Exercise | Report back every line below that carries the word "image".

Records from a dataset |
►
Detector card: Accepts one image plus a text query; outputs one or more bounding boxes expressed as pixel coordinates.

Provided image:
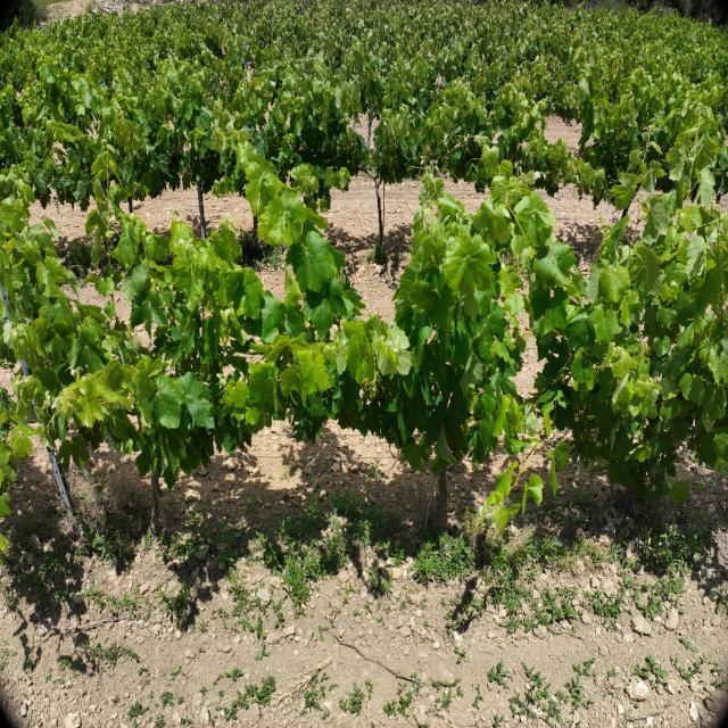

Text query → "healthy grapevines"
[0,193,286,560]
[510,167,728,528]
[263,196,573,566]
◄
Written response |
Detector card: Accepts one image plus a text query; outputs one or more bounding boxes expressed as pixel coordinates.
Provided image:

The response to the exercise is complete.